* **Your assignment**
Each entry below must be written out exactly, with pictures left out.

►

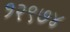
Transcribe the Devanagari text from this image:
१२९७४
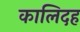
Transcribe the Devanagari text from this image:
कालिदह
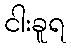
ငါးခူရ
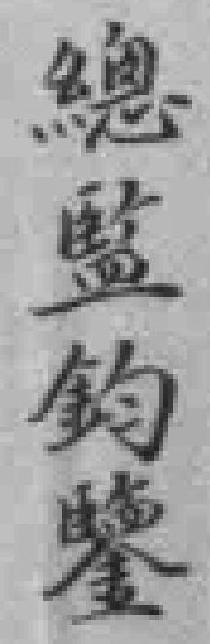
總監鈞鑒
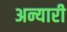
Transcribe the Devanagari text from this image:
अन्यारी
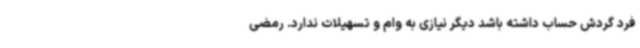
فرد گردش حساب داشته باشد دیگر نیازی به وام و تسهیلات ندارد. رمضی
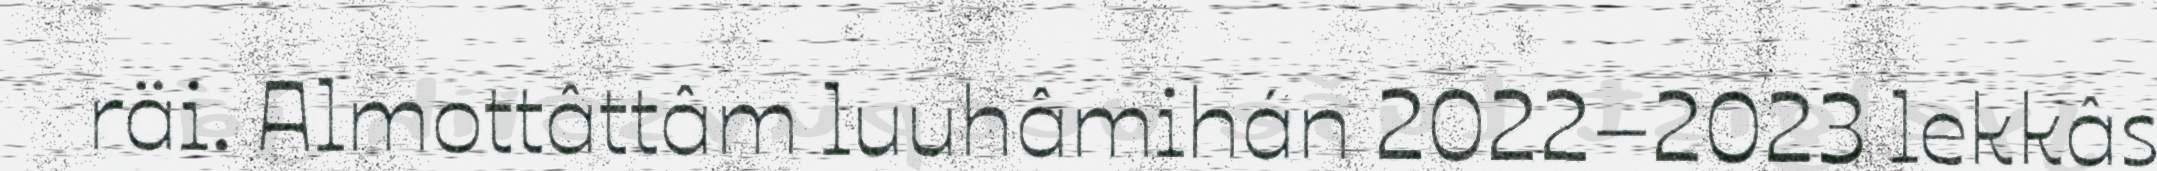
räi. Almottâttâm luuhâmihán 2022–2023 lekkâs
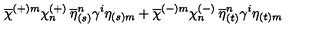
\overline { { \chi } } ^ { ( + ) m } \chi _ { n } ^ { ( + ) } \: \overline { { \eta } } _ { ( s ) } ^ { n } \gamma ^ { i } \eta _ { ( s ) m } + \overline { { \chi } } ^ { ( - ) m } \chi _ { n } ^ { ( - ) } \: \overline { { \eta } } _ { ( t ) } ^ { n } \gamma ^ { i } \eta _ { ( t ) m }
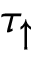
\tau _ { \uparrow }
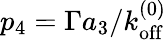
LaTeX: p_{4}=\Gamma a_{3}/{k_{\mathrm{off}}^{(0)}}
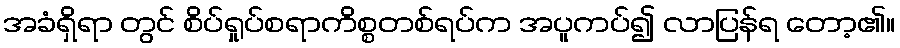
အခံရှိရာ တွင် စိပ်ရှုပ်စရာကိစ္စတစ်ရပ်က အပူကပ်၍ လာပြန်ရ တော့၏။
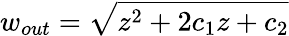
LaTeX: w_{out}=\sqrt{z^{2}+2c_{1}z+c_{2}}
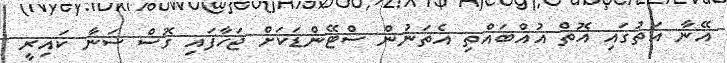
އޭނާ އަތުގައި އޮތް އުއްބައްތި އެތަނުން ސްޓޭންޑަކަށް ޖަހާފައި ގޮސް ސަނާ ކައިރީ
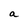
Character: a
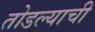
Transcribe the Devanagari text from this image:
तोडल्याची
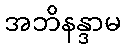
အဘိနန္ဒာမ
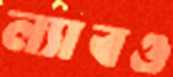
ল্যাবও
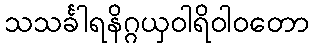
သသင်္ခါရနိဂ္ဂယှဝါရိဝါဝတော
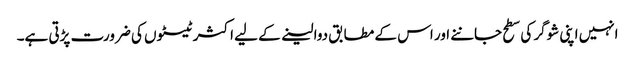
انہیں اپنی شوگر کی سطح جاننے اور اس کے مطابق دوا لینے کے لیے اکثر ٹیسٹوں کی ضرورت پڑتی ہے۔
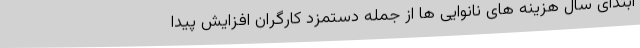
ابتدای سال هزینه های نانوایی ها از جمله دستمزد کارگران افزایش پیدا
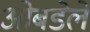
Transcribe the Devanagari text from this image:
ओबडेले
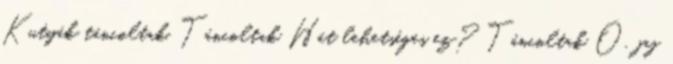
Kutyák táncoltak. Táncoltak Hát lehetséges ez? Táncoltak Ó, jaj
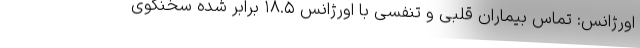
اورژانس: تماس بیماران قلبی و تنفسی با اورژانس ۱۸.۵ برابر شده سخنگوی
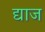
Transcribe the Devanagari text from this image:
द्याज
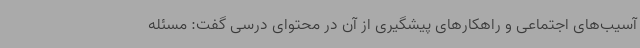
آسیب‌های اجتماعی و راهکارهای پیشگیری از آن در محتوای درسی گفت: مسئله
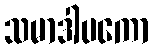
သမာဒါပကော
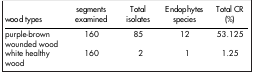
| wood types | segments examined | Total isolates | Endophytes species | Total CR (%) |
 | --- | --- | --- | --- | --- |
 | purple-brown wounded wood | 160 | 85 | 12 | 53.125 |
 | white healthy wood | 160 | 2 | 1 | 1.25 |
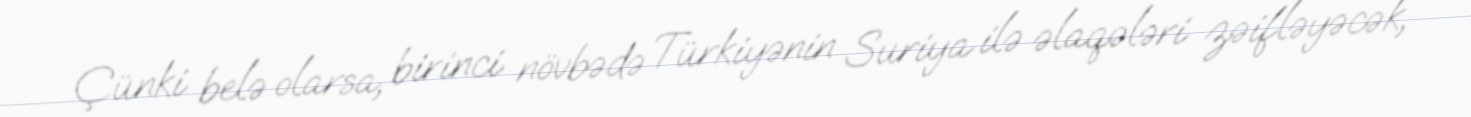
Çünki belə olarsa, birinci növbədə Türkiyənin Suriya ilə əlaqələri zəifləyəcək,
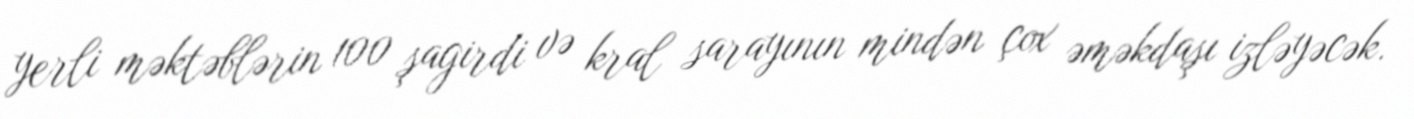
yerli məktəblərin 100 şagirdi və kral sarayının mindən çox əməkdaşı izləyəcək.
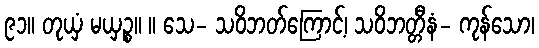
၉၁။ တုယှံ မယှဉ္စ။ ။ သေ- သဝိဘတ်ကြောင့်၊ သဝိဘတ္တီနံ- ကုန်သော၊
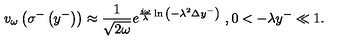
v _ { \omega } \left( \sigma ^ { - } \left( y ^ { - } \right) \right) \approx { \frac { 1 } { \sqrt { 2 \omega } } } e ^ { { \frac { i \omega } { \lambda } } \ln { \left( - \lambda ^ { 2 } \Delta y ^ { - } \right) } } \ , 0 < - \lambda y ^ { - } \ll 1 .
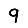
Digit: 9
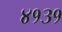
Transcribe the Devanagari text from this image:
४१३१
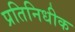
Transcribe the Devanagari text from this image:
प्रतिनिधीक
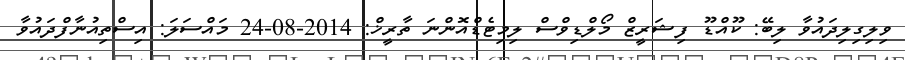
ވިލިގިލިދައުވާ ލިބޭ: ކޫއްޑޫ ފިޝަރީޒް މޯލްޑިވްސް ލިމިޓެޑްއޮންނަ ތާރީޚް: 2014-08-24 މައްސަލަ: އިސްތިއުނާފްދައުވާ
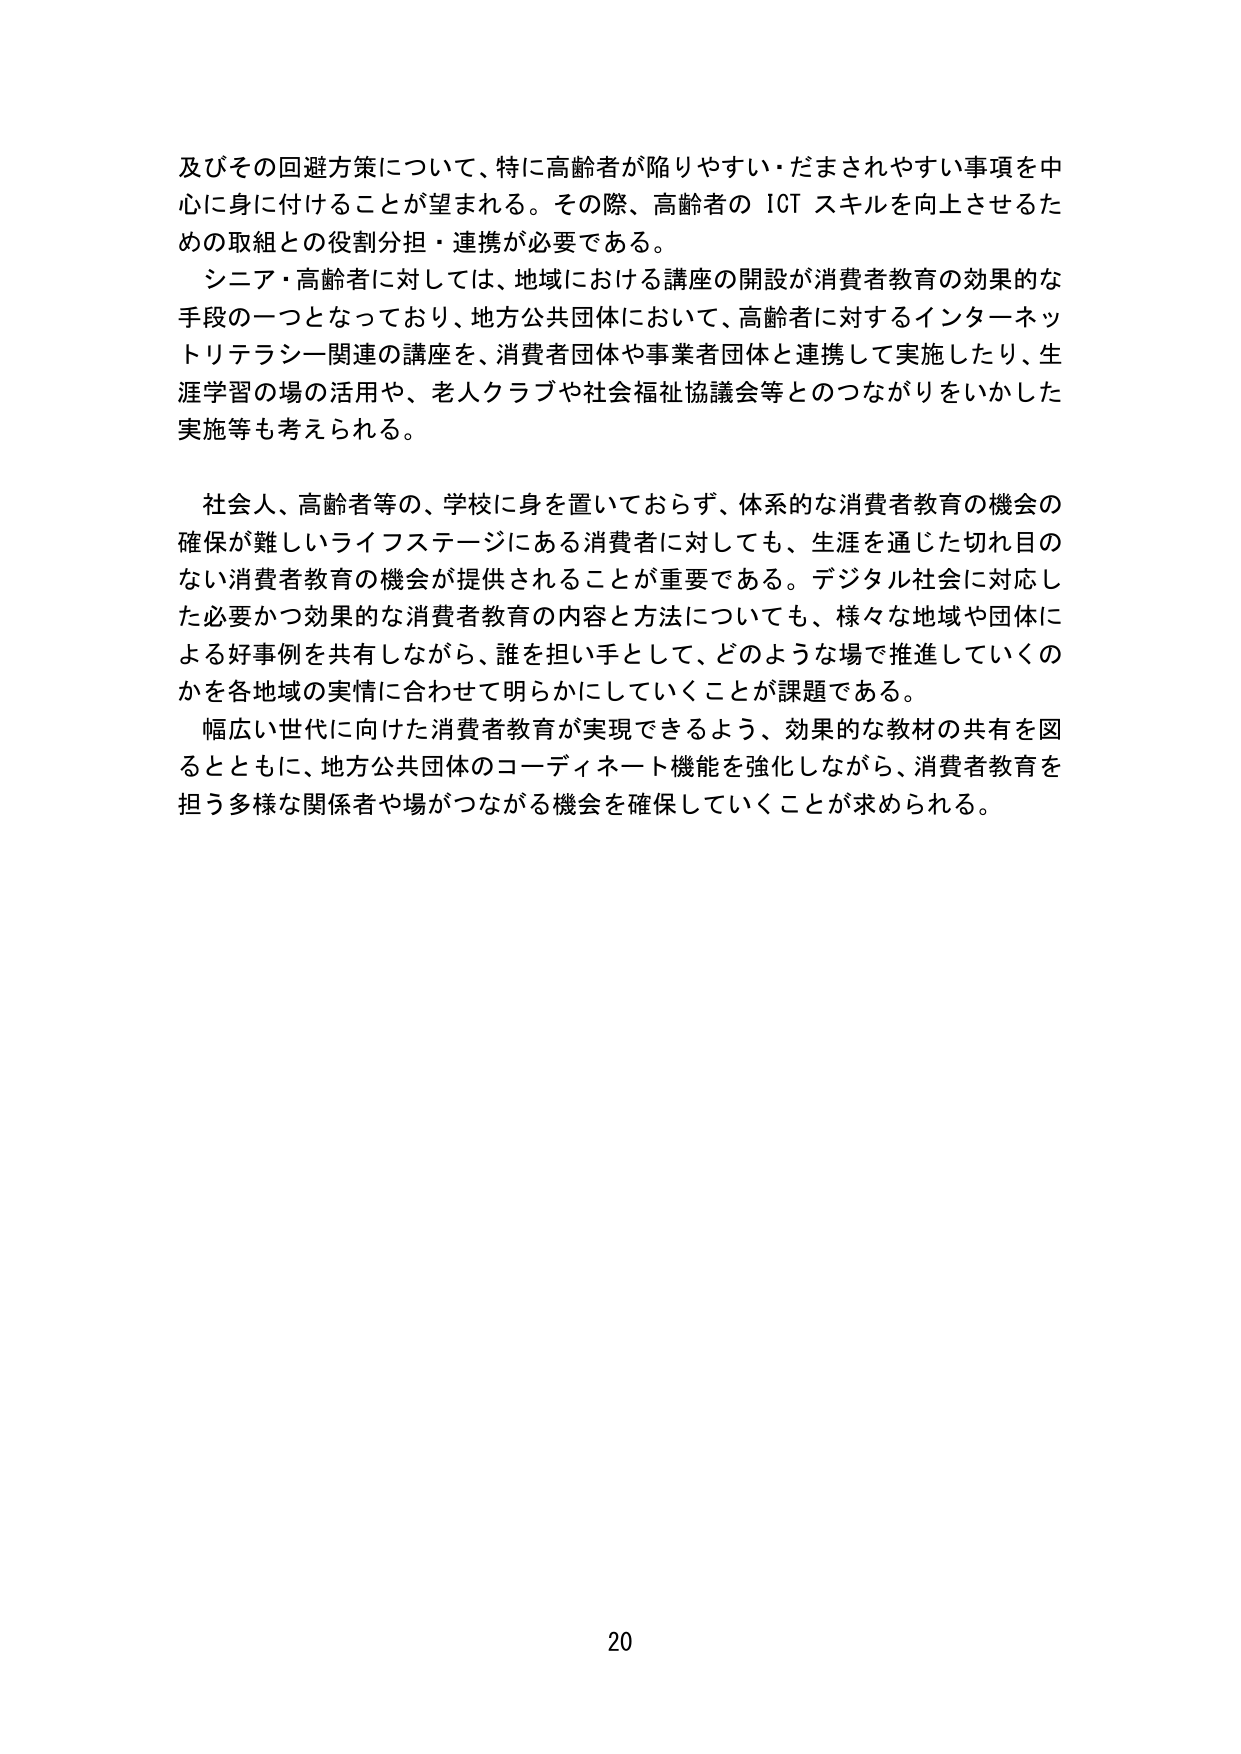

◄

* **Response area**
Transcribe the Devanagari text from this image:
१२९७४
Transcribe the Devanagari text from this image:
कालिदह
ငါးခူရ
總監鈞鑒
Transcribe the Devanagari text from this image:
अन्यारी
فرد گردش حساب داشته باشد دیگر نیازی به وام و تسهیلات ندارد. رمضی
räi. Almottâttâm luuhâmihán 2022–2023 lekkâs
\overline { { \chi } } ^ { ( + ) m } \chi _ { n } ^ { ( + ) } \: \overline { { \eta } } _ { ( s ) } ^ { n } \gamma ^ { i } \eta _ { ( s ) m } + \overline { { \chi } } ^ { ( - ) m } \chi _ { n } ^ { ( - ) } \: \overline { { \eta } } _ { ( t ) } ^ { n } \gamma ^ { i } \eta _ { ( t ) m }
\tau _ { \uparrow }
LaTeX: p_{4}=\Gamma a_{3}/{k_{\mathrm{off}}^{(0)}}
အခံရှိရာ တွင် စိပ်ရှုပ်စရာကိစ္စတစ်ရပ်က အပူကပ်၍ လာပြန်ရ တော့၏။
LaTeX: w_{out}=\sqrt{z^{2}+2c_{1}z+c_{2}}
އޭނާ އަތުގައި އޮތް އުއްބައްތި އެތަނުން ސްޓޭންޑަކަށް ޖަހާފައި ގޮސް ސަނާ ކައިރީ
Character: a
Transcribe the Devanagari text from this image:
तोडल्याची
အဘိနန္ဒာမ
ল্যাবও
သသင်္ခါရနိဂ္ဂယှဝါရိဝါဝတော
انہیں اپنی شوگر کی سطح جاننے اور اس کے مطابق دوا لینے کے لیے اکثر ٹیسٹوں کی ضرورت پڑتی ہے۔
ابتدای سال هزینه های نانوایی ها از جمله دستمزد کارگران افزایش پیدا
Transcribe the Devanagari text from this image:
ओबडेले
Kutyák táncoltak. Táncoltak Hát lehetséges ez? Táncoltak Ó, jaj
اورژانس: تماس بیماران قلبی و تنفسی با اورژانس ۱۸.۵ برابر شده سخنگوی
Transcribe the Devanagari text from this image:
द्याज
آسیب‌های اجتماعی و راهکارهای پیشگیری از آن در محتوای درسی گفت: مسئله
သမာဒါပကော
| wood types | segments examined | Total isolates | Endophytes species | Total CR (%) |
 | --- | --- | --- | --- | --- |
 | purple-brown wounded wood | 160 | 85 | 12 | 53.125 |
 | white healthy wood | 160 | 2 | 1 | 1.25 |
Çünki belə olarsa, birinci növbədə Türkiyənin Suriya ilə əlaqələri zəifləyəcək,
yerli məktəblərin 100 şagirdi və kral sarayının mindən çox əməkdaşı izləyəcək.
၉၁။ တုယှံ မယှဉ္စ။ ။ သေ- သဝိဘတ်ကြောင့်၊ သဝိဘတ္တီနံ- ကုန်သော၊
v _ { \omega } \left( \sigma ^ { - } \left( y ^ { - } \right) \right) \approx { \frac { 1 } { \sqrt { 2 \omega } } } e ^ { { \frac { i \omega } { \lambda } } \ln { \left( - \lambda ^ { 2 } \Delta y ^ { - } \right) } } \ , 0 < - \lambda y ^ { - } \ll 1 .
Digit: 9
Transcribe the Devanagari text from this image:
४१३१
Transcribe the Devanagari text from this image:
प्रतिनिधीक
ވިލިގިލިދައުވާ ލިބޭ: ކޫއްޑޫ ފިޝަރީޒް މޯލްޑިވްސް ލިމިޓެޑްއޮންނަ ތާރީޚް: 2014-08-24 މައްސަލަ: އިސްތިއުނާފްދައުވާ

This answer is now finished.